モバイルの法人市場が動き始めた3つの理由──インテリシンクの荒井社長

スマートフォン向けデータ同期ソリューションの提供で知られるインテリシンクの荒井社長が、モバイル法人市場の現状と、それに伴う同社の戦略を説明した。

[後藤祥子,ITmedia]
Photo インテリシンク代表取締役社長兼ノキア エンタープライズソリューション 日本オペレーティング担当副社長の荒井真成氏

 各キャリアがビジネス利用に適した端末やサービスの投入に本腰を入れつつある中、データ同期ソリューションを提供するインテリシンクが、スマートフォン向けグループウェア連携ソフトの最新版となる「Intellisync Mobile Suite 8」を発表した。

 発表会の席上でインテリシンク代表取締役社長兼ノキア エンタープライズソリューション 日本オペレーティング担当副社長の荒井真成氏が、法人携帯市場のトレンドと同社の法人戦略について説明した。

3つのエリアにフォーカスしてサービスを展開

 エンタープライズ系のモバイルソリューションがようやく花開きつつある中、インテリシンクは3つのエリアにフォーカスして事業を展開すると荒井氏。1つは欧米の上位ホワイトカラー層に定着しつつある「ワイヤレスEメールビジネス」だ。

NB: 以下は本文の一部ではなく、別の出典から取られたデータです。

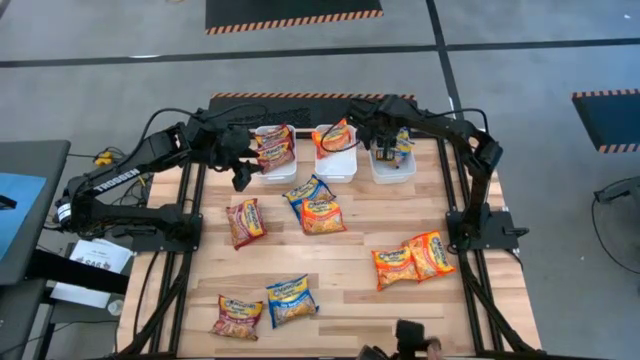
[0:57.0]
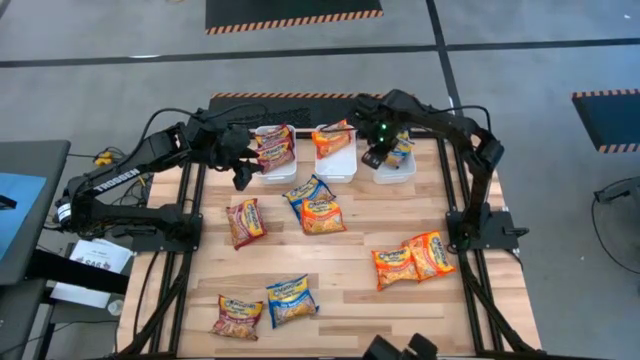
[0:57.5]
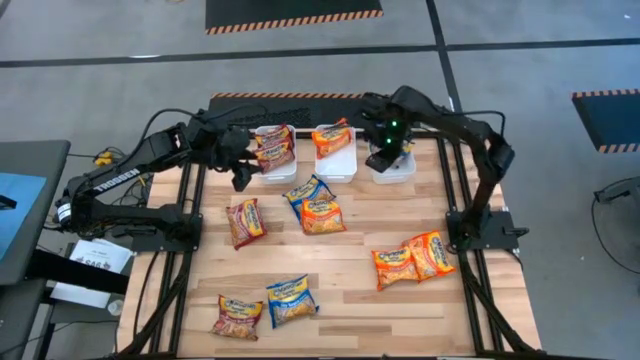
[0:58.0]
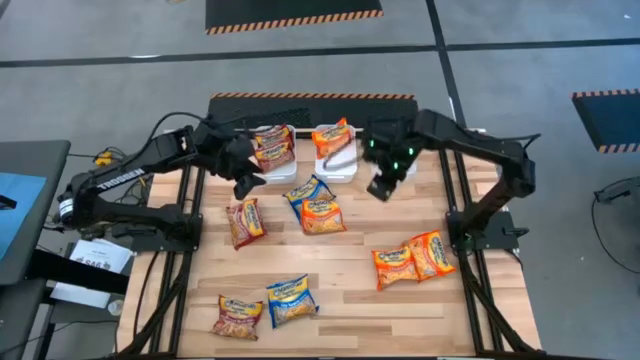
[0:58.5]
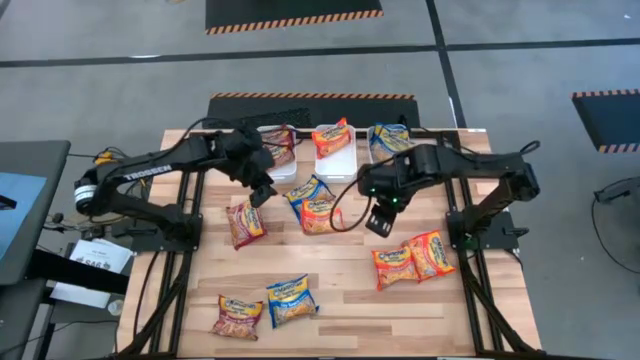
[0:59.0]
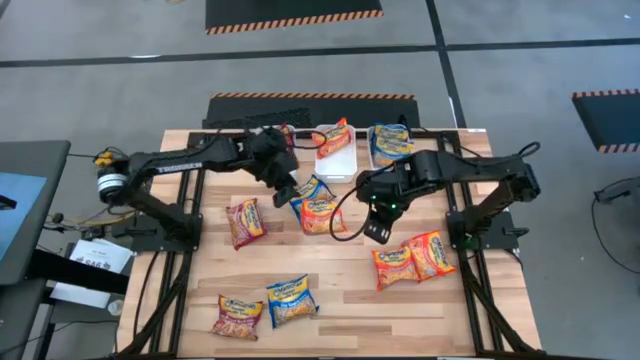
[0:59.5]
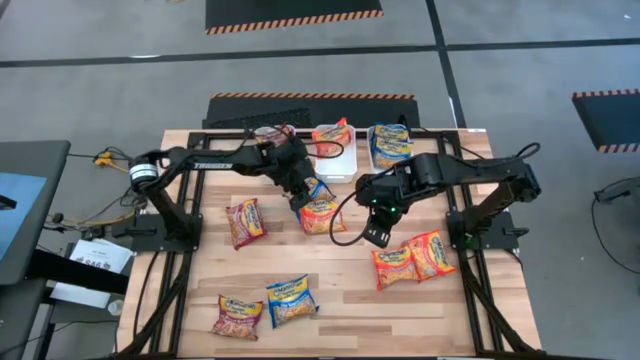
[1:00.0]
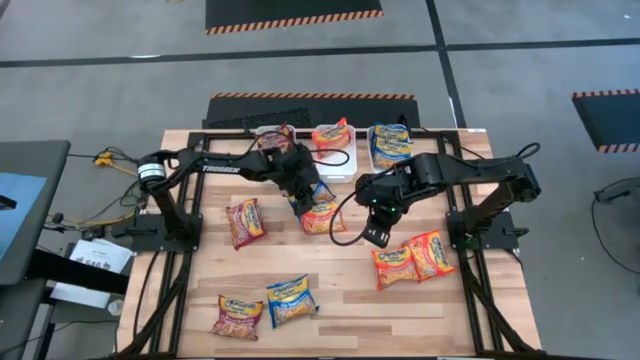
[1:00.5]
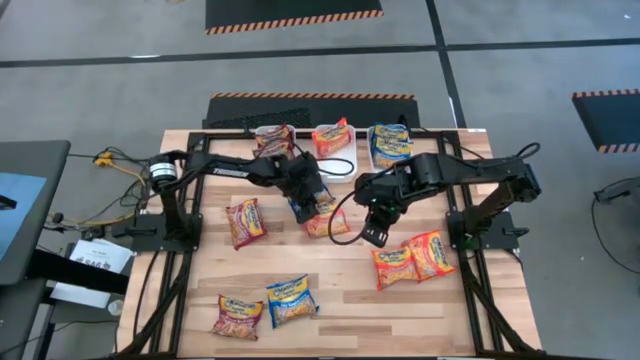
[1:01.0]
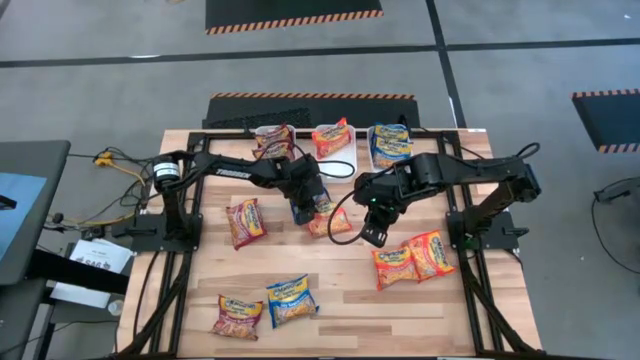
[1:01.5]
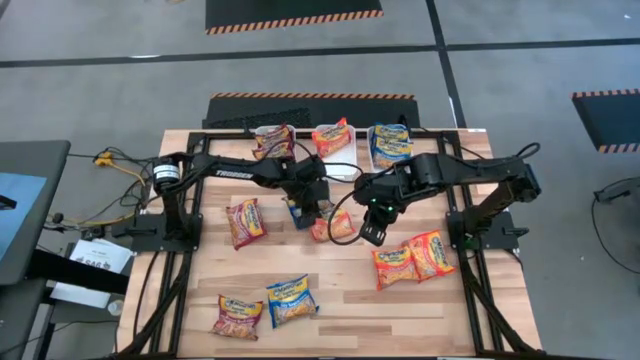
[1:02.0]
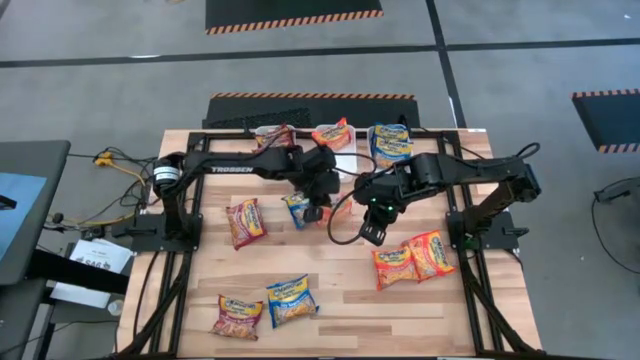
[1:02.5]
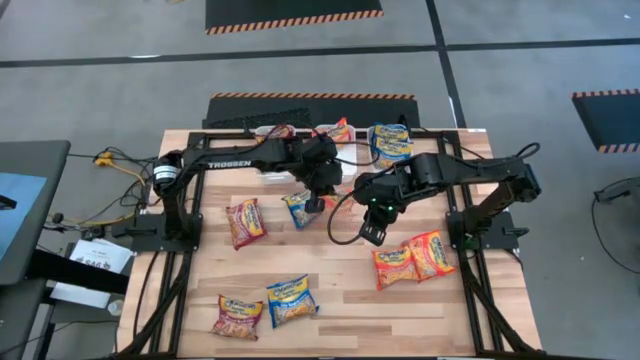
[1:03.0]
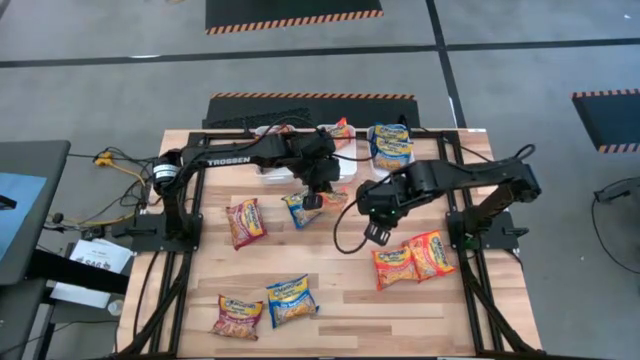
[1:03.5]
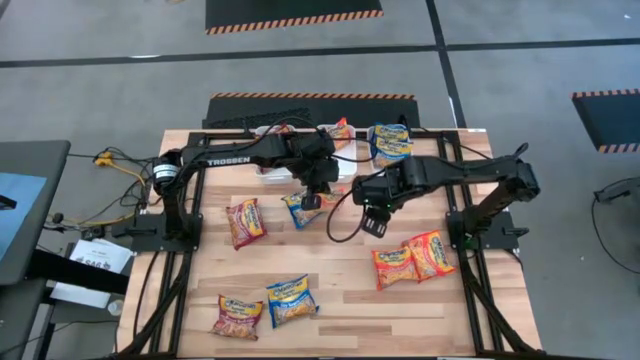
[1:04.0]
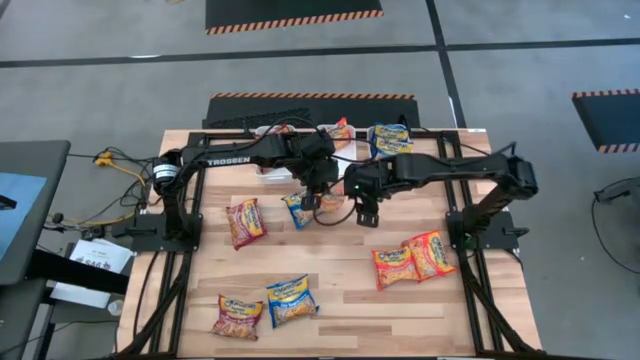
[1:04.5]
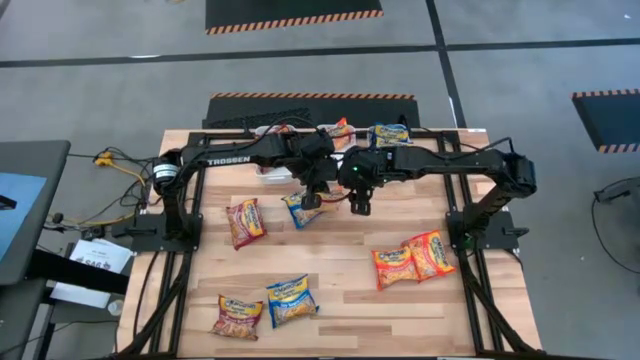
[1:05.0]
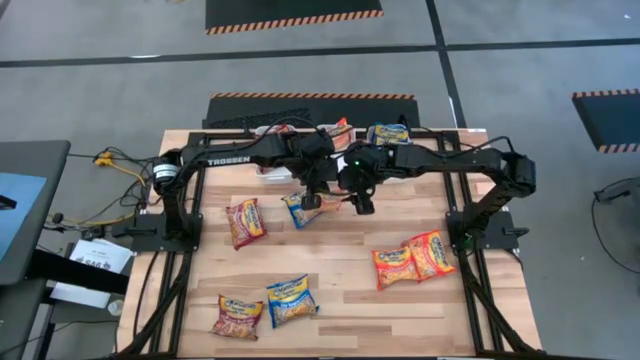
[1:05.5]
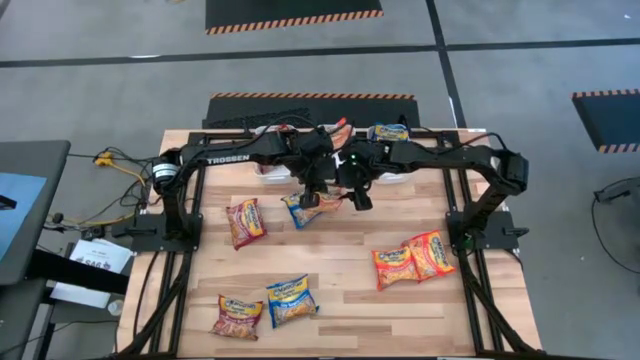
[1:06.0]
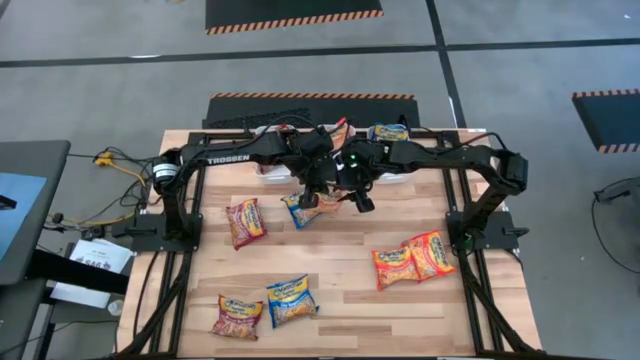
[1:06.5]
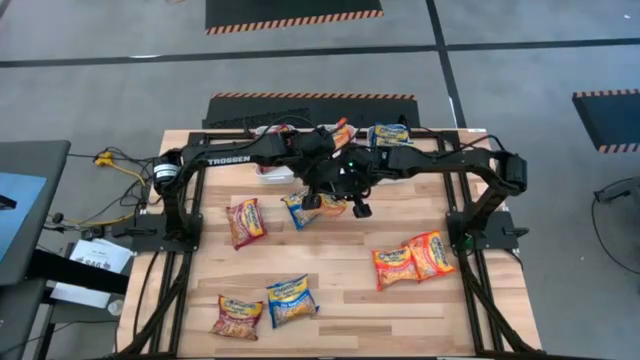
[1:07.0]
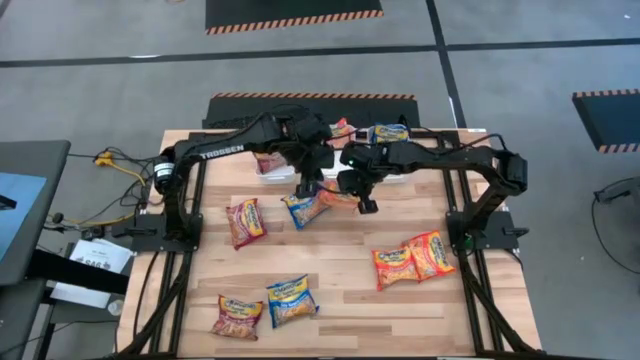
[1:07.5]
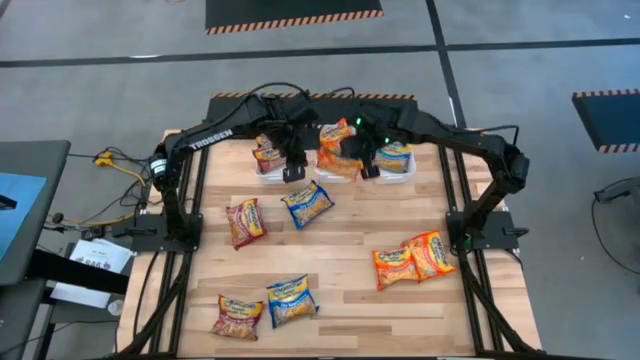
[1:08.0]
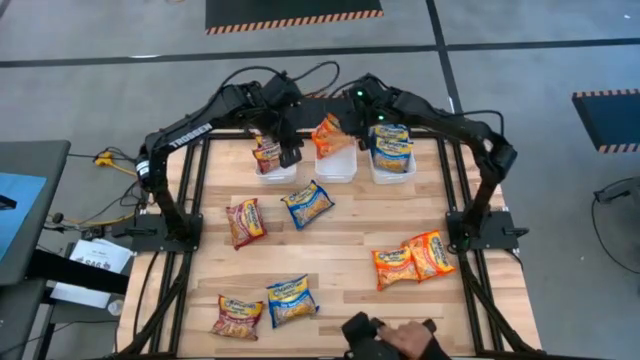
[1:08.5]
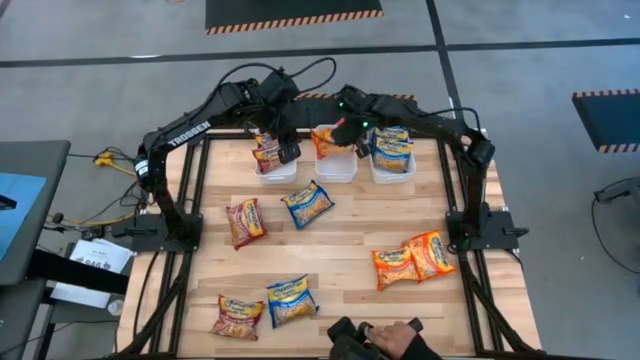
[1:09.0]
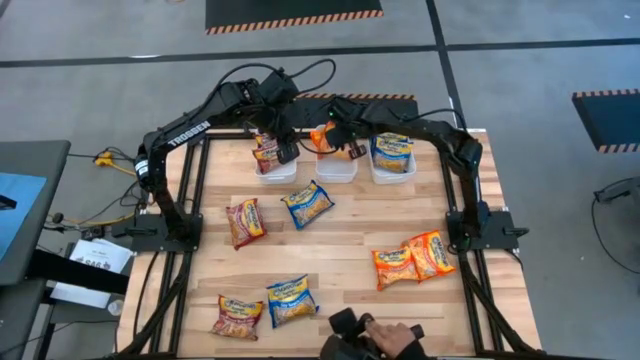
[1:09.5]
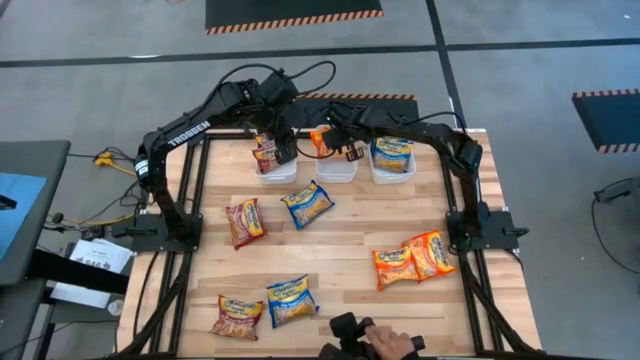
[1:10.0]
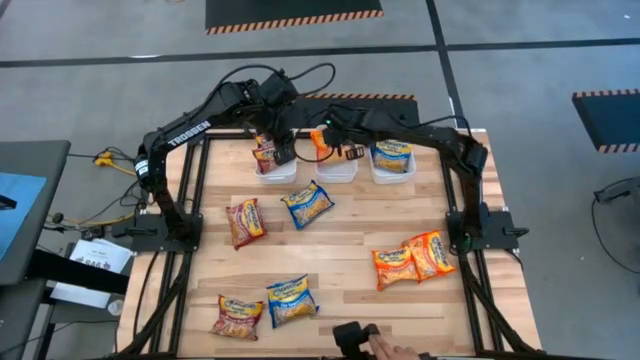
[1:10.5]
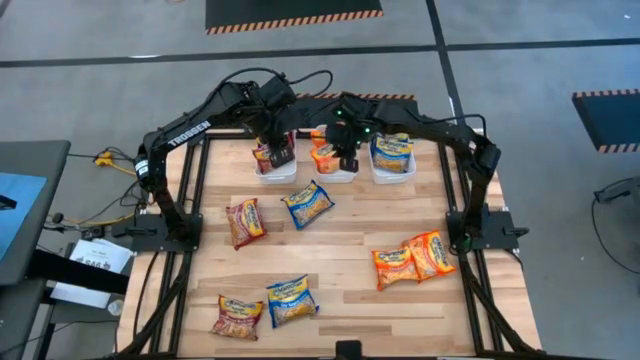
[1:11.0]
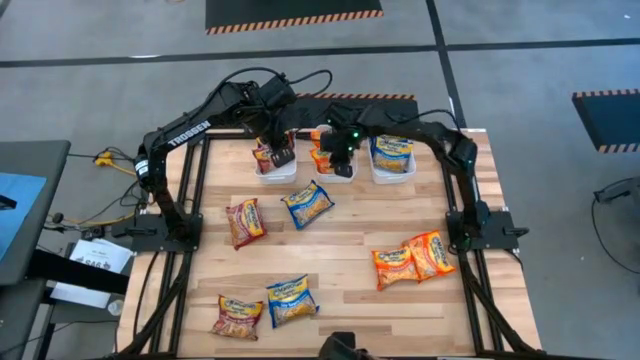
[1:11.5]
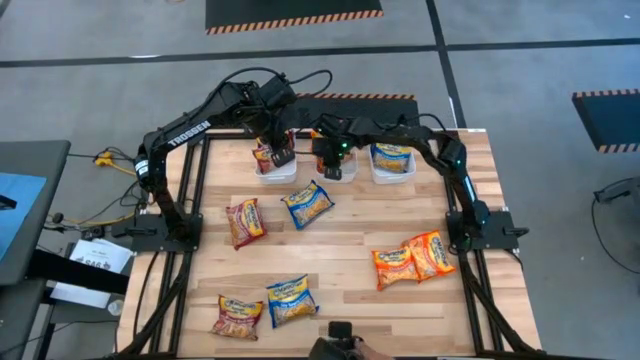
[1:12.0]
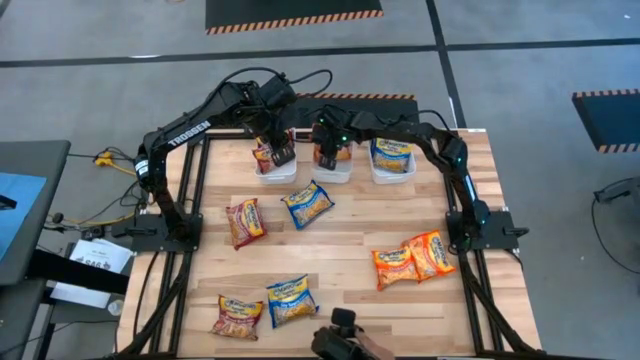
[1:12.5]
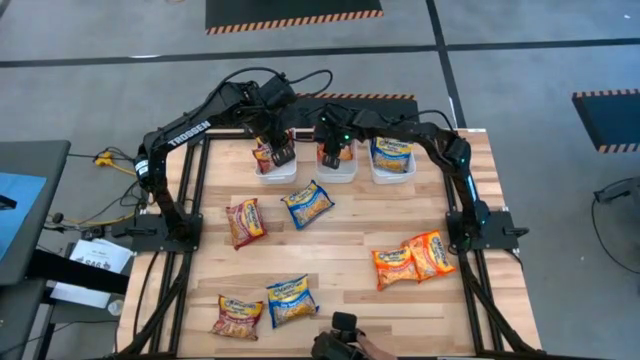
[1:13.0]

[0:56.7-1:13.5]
Task: Sort Maruchan noodles
Put the orange noodle pack into the middle white bin

 荒井氏は個人情報保護法の施行後、PCの持ち出しが厳しく制限されるようになったことから、日本でも案件が増えていると説明。ASPタイプのサービスも増え始め、簡単かつ低コストで導入できる環境が整いつつあることから、今後ユーザーが増えると予測する。

 もう1つは、従来からソリューションは提供されていたものの、大規模な展開には至らなかったバーティカルアプリケーションのモバイル化。検針作業などのフィールドサービス用端末を、専用のものからスマートフォンに置き換える動きが見られるという。

 3つ目は、企業の内線電話に携帯電話で対応できるようにする「IPセントレックス」の分野だ。例えば無線LAN機能を備えたノキアの「E61」と日本アバイアの「one-X Mobile Edition」、シスコシステムズの「Unified Communications」といったIP-PBXソリューションを組み合わせることで、「携帯電話が内線電話になり、無線LANのアクセスポイントがあれば、そこから海をまたいで内線電話を使えるような世界が構築できる」(荒井氏)。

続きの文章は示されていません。